_Task description:_ Copy the records exactly, every one of them.
⟨
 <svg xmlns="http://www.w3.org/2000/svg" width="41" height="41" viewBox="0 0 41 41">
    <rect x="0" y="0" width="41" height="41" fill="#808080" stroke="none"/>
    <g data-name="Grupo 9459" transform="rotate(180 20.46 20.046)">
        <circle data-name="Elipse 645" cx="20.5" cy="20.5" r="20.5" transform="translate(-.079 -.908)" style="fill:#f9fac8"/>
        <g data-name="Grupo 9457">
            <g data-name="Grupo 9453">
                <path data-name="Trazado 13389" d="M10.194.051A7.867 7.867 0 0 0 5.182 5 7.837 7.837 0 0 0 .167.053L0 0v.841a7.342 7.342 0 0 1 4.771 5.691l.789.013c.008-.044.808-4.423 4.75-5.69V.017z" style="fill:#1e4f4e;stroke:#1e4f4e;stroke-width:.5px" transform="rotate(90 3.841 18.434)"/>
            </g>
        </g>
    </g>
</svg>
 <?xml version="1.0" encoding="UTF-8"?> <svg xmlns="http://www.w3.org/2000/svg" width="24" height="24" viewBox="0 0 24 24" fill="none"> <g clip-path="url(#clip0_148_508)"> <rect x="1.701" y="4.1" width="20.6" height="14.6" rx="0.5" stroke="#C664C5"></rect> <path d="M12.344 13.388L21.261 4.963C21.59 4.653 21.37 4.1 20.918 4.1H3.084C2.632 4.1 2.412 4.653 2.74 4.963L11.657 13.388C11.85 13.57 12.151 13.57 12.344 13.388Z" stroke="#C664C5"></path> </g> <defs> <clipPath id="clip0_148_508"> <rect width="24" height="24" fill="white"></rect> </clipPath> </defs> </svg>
⟩
_Task result:_
 <svg xmlns="http://www.w3.org/2000/svg" width="41" height="41" viewBox="0 0 41 41">
    <rect x="0" y="0" width="41" height="41" fill="#808080" stroke="none"/>
    <g data-name="Grupo 9459" transform="rotate(180 20.46 20.046)">
        <circle data-name="Elipse 645" cx="20.5" cy="20.5" r="20.5" transform="translate(-.079 -.908)" style="fill:#f9fac8"/>
        <g data-name="Grupo 9457">
            <g data-name="Grupo 9453">
                <path data-name="Trazado 13389" d="M10.194.051A7.867 7.867 0 0 0 5.182 5 7.837 7.837 0 0 0 .167.053L0 0v.841a7.342 7.342 0 0 1 4.771 5.691l.789.013c.008-.044.808-4.423 4.75-5.69V.017z" style="fill:#1e4f4e;stroke:#1e4f4e;stroke-width:.5px" transform="rotate(90 3.841 18.434)"/>
            </g>
        </g>
    </g>
</svg>
 <?xml version="1.0" encoding="UTF-8"?> <svg xmlns="http://www.w3.org/2000/svg" width="24" height="24" viewBox="0 0 24 24" fill="none"> <g clip-path="url(#clip0_148_508)"> <rect x="1.701" y="4.1" width="20.6" height="14.6" rx="0.5" stroke="#C664C5"></rect> <path d="M12.344 13.388L21.261 4.963C21.59 4.653 21.37 4.1 20.918 4.1H3.084C2.632 4.1 2.412 4.653 2.74 4.963L11.657 13.388C11.85 13.57 12.151 13.57 12.344 13.388Z" stroke="#C664C5"></path> </g> <defs> <clipPath id="clip0_148_508"> <rect width="24" height="24" fill="white"></rect> </clipPath> </defs> </svg>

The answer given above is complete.